=== Begin Enclosure ===

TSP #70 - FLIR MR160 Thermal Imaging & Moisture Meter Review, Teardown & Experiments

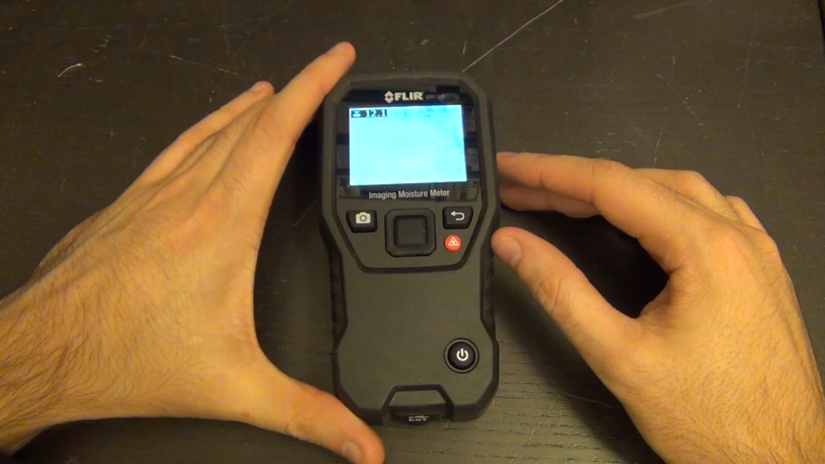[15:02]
Because of the lighting and room and the camera. So, I'm going to find a nice angle where we can avoid that. And, you know. This is definitely up and running. It's my finger right underneath it. So, let's find a nice angle that we can examine the gray closely. So, let's briefly familiarize ourselves with the menu system.
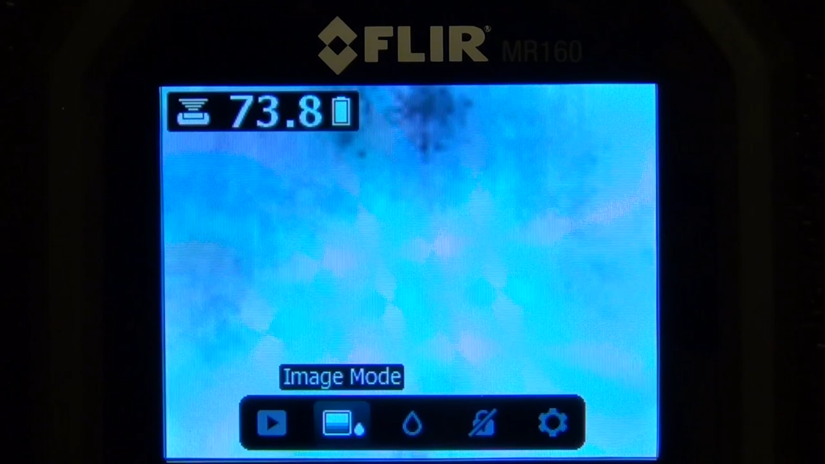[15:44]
Then, now we have the battery symbol showing the battery content once the menu is actually enabled.
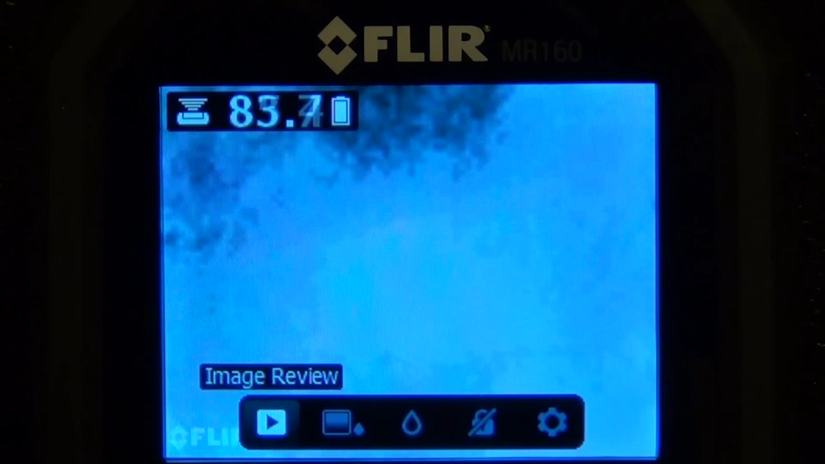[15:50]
And, the left here we have the image review which is the images that you've stored. And, if I click on the right again. Under image mode, I have a couple of options.
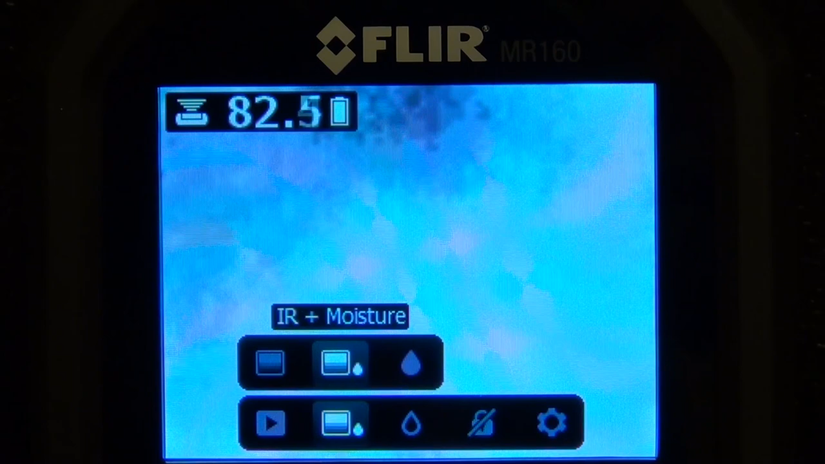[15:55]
I can just, you know, get rid of all the moisture measurements all together.
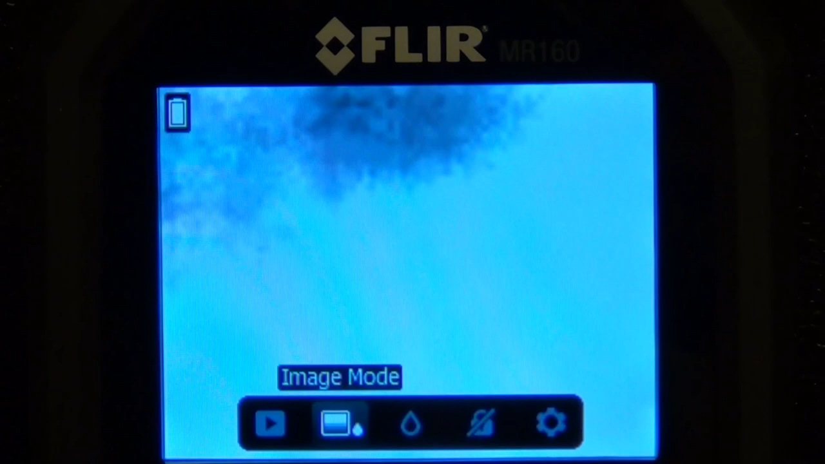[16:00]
And, only have the infrared image there which is fine. Or, I can just have only the moisture measurement. This can be pretty handy once you're using, for example, the pins to measure the moisture content of something. And, you're only looking at moisture content at that point.
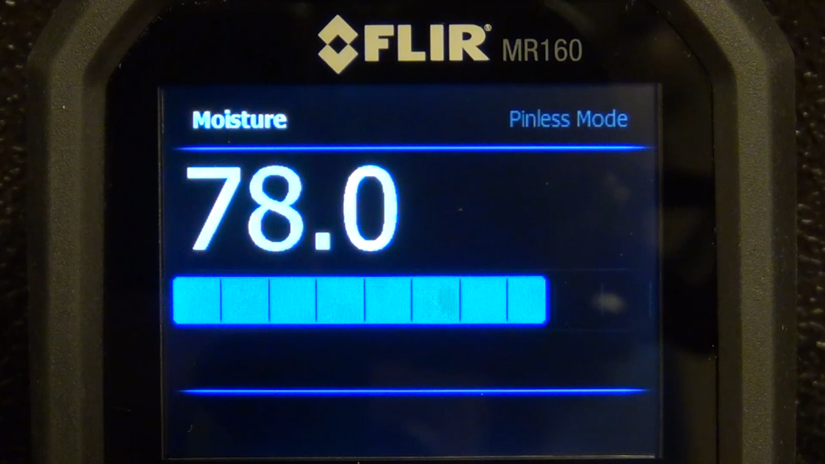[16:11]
You don't want to have the image anymore. And, nice big letters with a bar at the bottom which can be quite handy. So, let's go back to this mode once again. And, over here, I have the moisture mode.
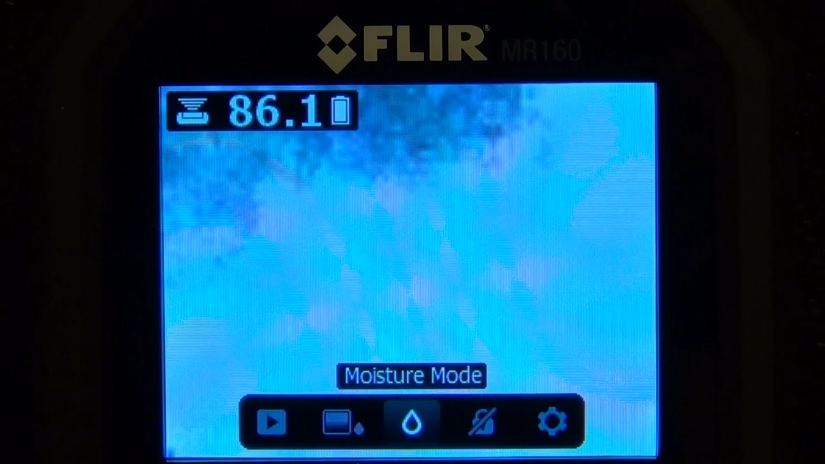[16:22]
Right now, it's set to pinless which is exactly what we're getting.
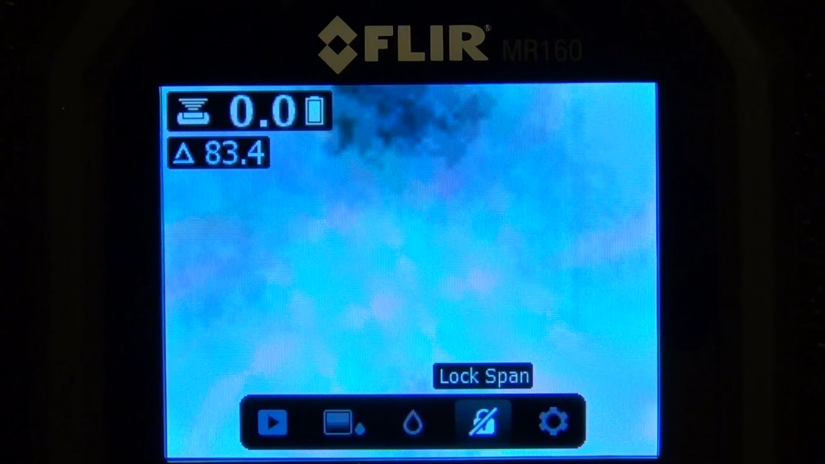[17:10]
So, it will show depending on a certain dynamic range of the temperature. Which can be pretty handy if you're looking around. You don't want the camera to continuously auto-range it for you.
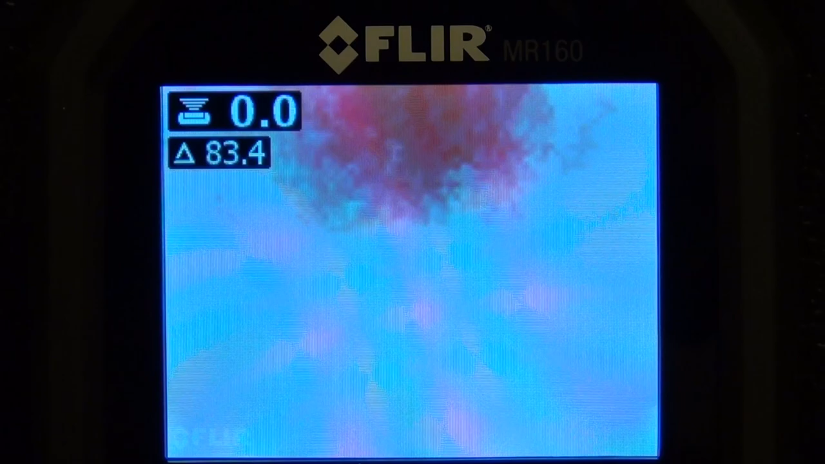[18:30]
So, that probably doesn't eat into the other line up of the product. It would be amazing if they show the temperature as well. Because, you know, this really would be multifunctional. We will take a look and see how it performs as a thermal camera on its own. But, maybe, hopefully, they will add that. Other than that, everything else is really, really straight forward. Very simple menu. It's nice and fast. If you've used any FLIR product, you know exactly what to expect.
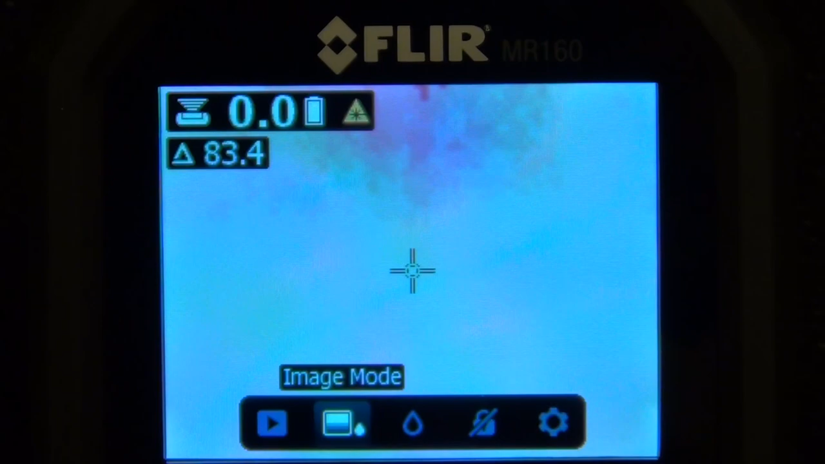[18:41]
And, if I press the laser button, you get a little crosshair right in the center. And, that crosshair is just exactly where the laser would line up. And, we will take a look at it as well. So, I have an experiment set up here. Which is a basic real life situation you may be faced with.
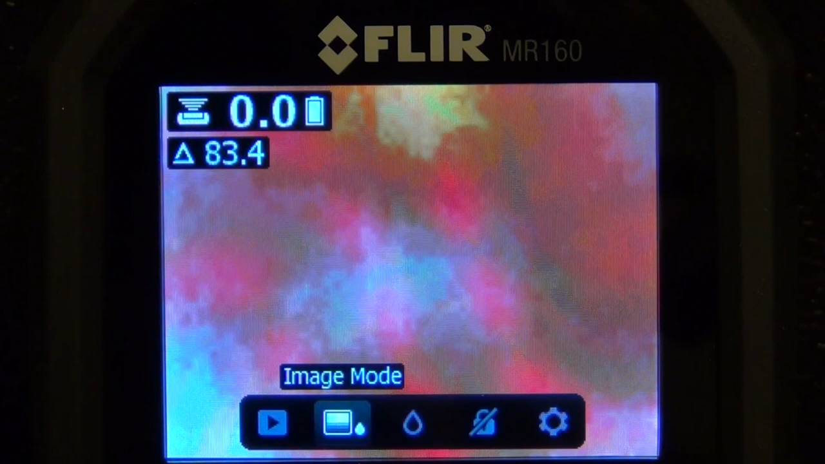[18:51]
Let's take a look at it. So, here we are looking at a type of tiling material that is often used for example as office buildings.
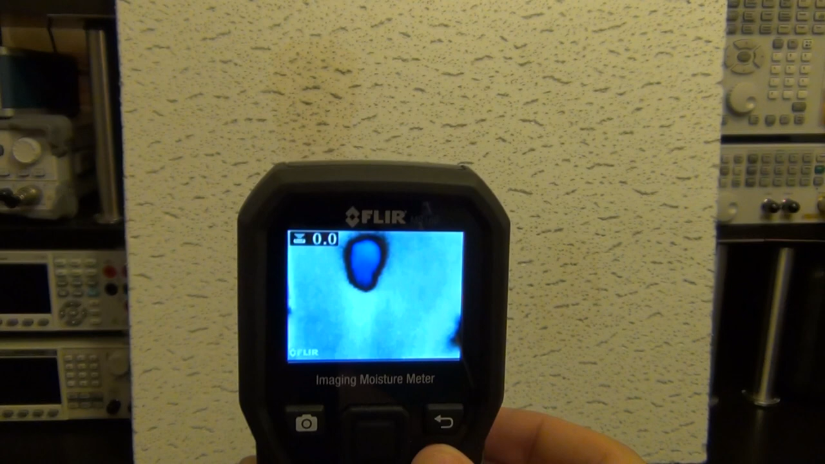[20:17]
It's difficult to hold it and speak at the same time. But, if I go ahead and activate the laser pointer. And, point to the area. You can see right there. That's in fact matching exactly where the laser pointer is.
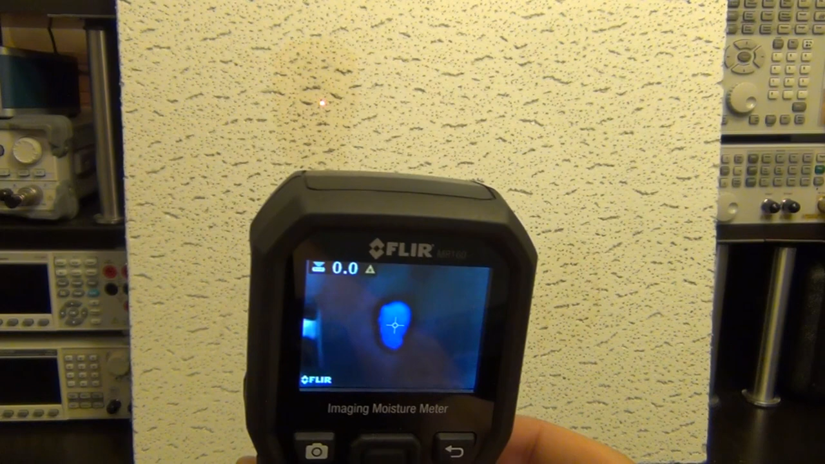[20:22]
And, that is one of the problem areas. And, the other problem area will then be all the way there.
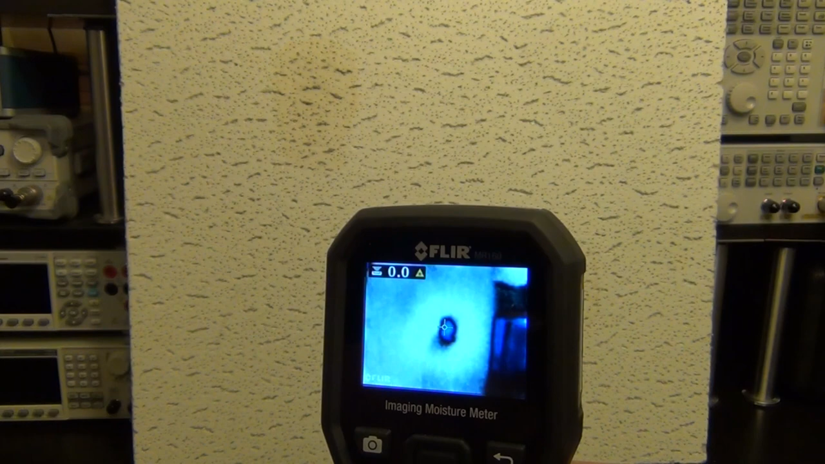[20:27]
So, this is something then at least worthwhile for us to go ahead and take a closer look at.
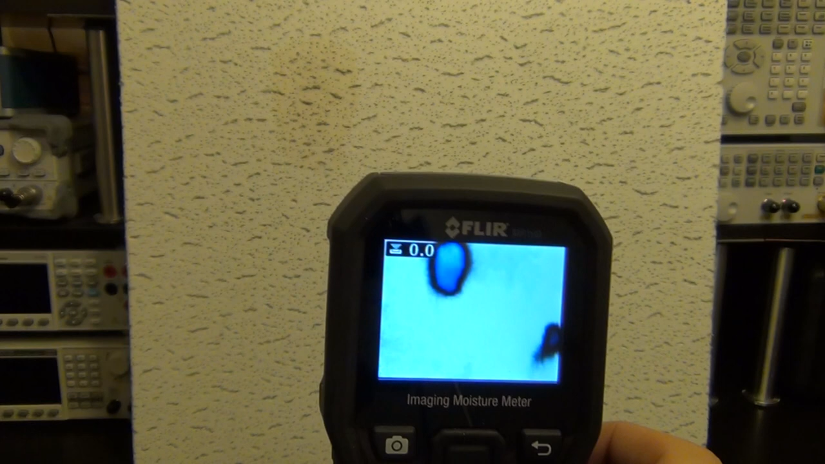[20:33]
But, it's so easy to see this because of the thermal properties that is being detected. Now, if this, again as I said before, if this material did not have those markings on it. And, you would never see it visually at all.
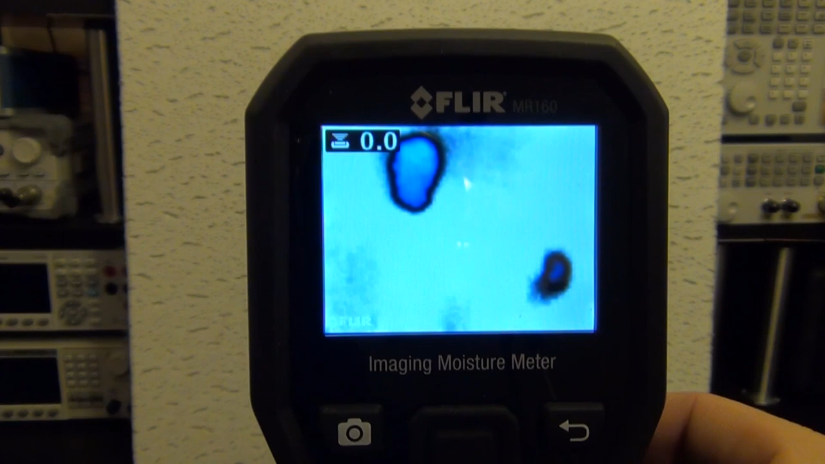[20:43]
And, you have to rely on this to quickly find them. Imagine walking through hallways and looking at the ceiling.
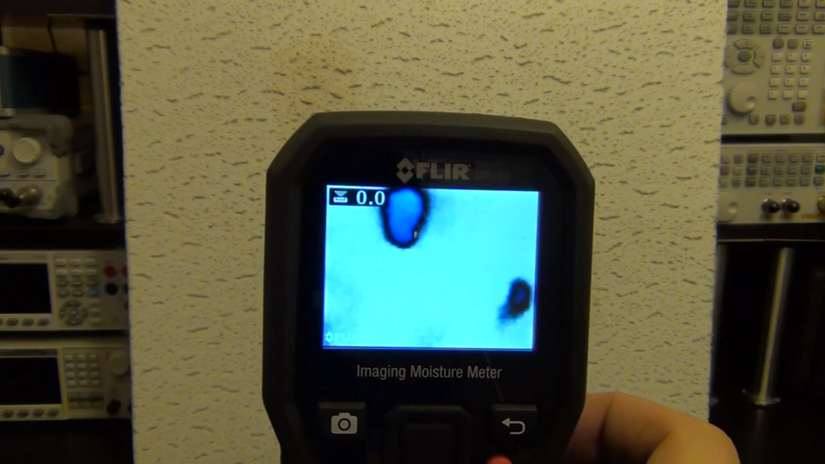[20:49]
And, finding a problem area right away. Without having to even be close to it.
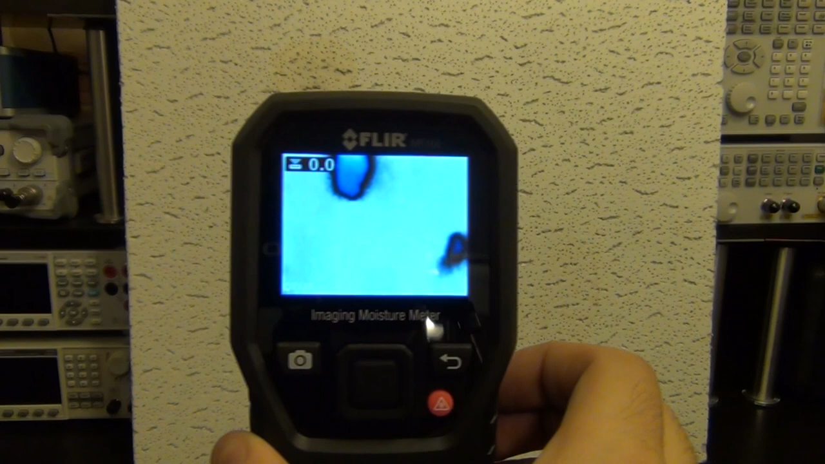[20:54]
Now, what does this area actually measure? If I were to measure it based on the pinless moisture.
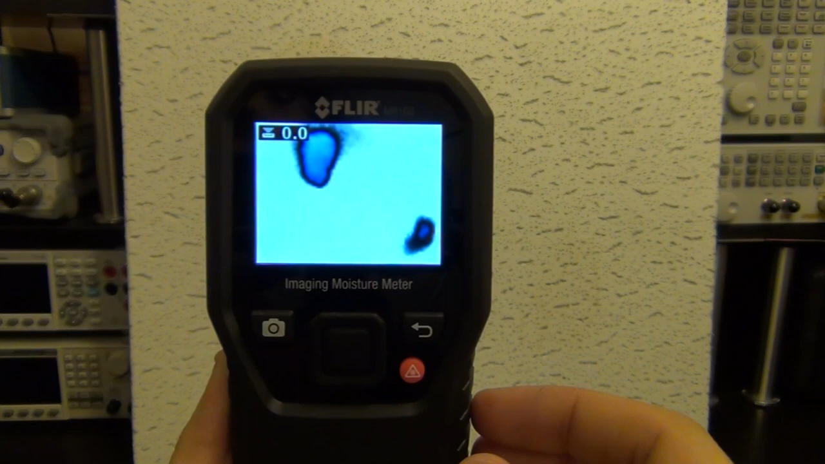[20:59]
Let's go ahead and take a closer look and see what it reports to us.

=== End Enclosure ===

§ **What to work on**
The records must appear again word for word, though none of their pictures should.

§ **Exercise result**
TSP #70 - FLIR MR160 Thermal Imaging & Moisture Meter Review, Teardown & Experiments

[15:02]
Because of the lighting and room and the camera. So, I'm going to find a nice angle where we can avoid that. And, you know. This is definitely up and running. It's my finger right underneath it. So, let's find a nice angle that we can examine the gray closely. So, let's briefly familiarize ourselves with the menu system.
[15:44]
Then, now we have the battery symbol showing the battery content once the menu is actually enabled.
[15:50]
And, the left here we have the image review which is the images that you've stored. And, if I click on the right again. Under image mode, I have a couple of options.
[15:55]
I can just, you know, get rid of all the moisture measurements all together.
[16:00]
And, only have the infrared image there which is fine. Or, I can just have only the moisture measurement. This can be pretty handy once you're using, for example, the pins to measure the moisture content of something. And, you're only looking at moisture content at that point.
[16:11]
You don't want to have the image anymore. And, nice big letters with a bar at the bottom which can be quite handy. So, let's go back to this mode once again. And, over here, I have the moisture mode.
[16:22]
Right now, it's set to pinless which is exactly what we're getting.
[17:10]
So, it will show depending on a certain dynamic range of the temperature. Which can be pretty handy if you're looking around. You don't want the camera to continuously auto-range it for you.
[18:30]
So, that probably doesn't eat into the other line up of the product. It would be amazing if they show the temperature as well. Because, you know, this really would be multifunctional. We will take a look and see how it performs as a thermal camera on its own. But, maybe, hopefully, they will add that. Other than that, everything else is really, really straight forward. Very simple menu. It's nice and fast. If you've used any FLIR product, you know exactly what to expect.
[18:41]
And, if I press the laser button, you get a little crosshair right in the center. And, that crosshair is just exactly where the laser would line up. And, we will take a look at it as well. So, I have an experiment set up here. Which is a basic real life situation you may be faced with.
[18:51]
Let's take a look at it. So, here we are looking at a type of tiling material that is often used for example as office buildings.
[20:17]
It's difficult to hold it and speak at the same time. But, if I go ahead and activate the laser pointer. And, point to the area. You can see right there. That's in fact matching exactly where the laser pointer is.
[20:22]
And, that is one of the problem areas. And, the other problem area will then be all the way there.
[20:27]
So, this is something then at least worthwhile for us to go ahead and take a closer look at.
[20:33]
But, it's so easy to see this because of the thermal properties that is being detected. Now, if this, again as I said before, if this material did not have those markings on it. And, you would never see it visually at all.
[20:43]
And, you have to rely on this to quickly find them. Imagine walking through hallways and looking at the ceiling.
[20:49]
And, finding a problem area right away. Without having to even be close to it.
[20:54]
Now, what does this area actually measure? If I were to measure it based on the pinless moisture.
[20:59]
Let's go ahead and take a closer look and see what it reports to us.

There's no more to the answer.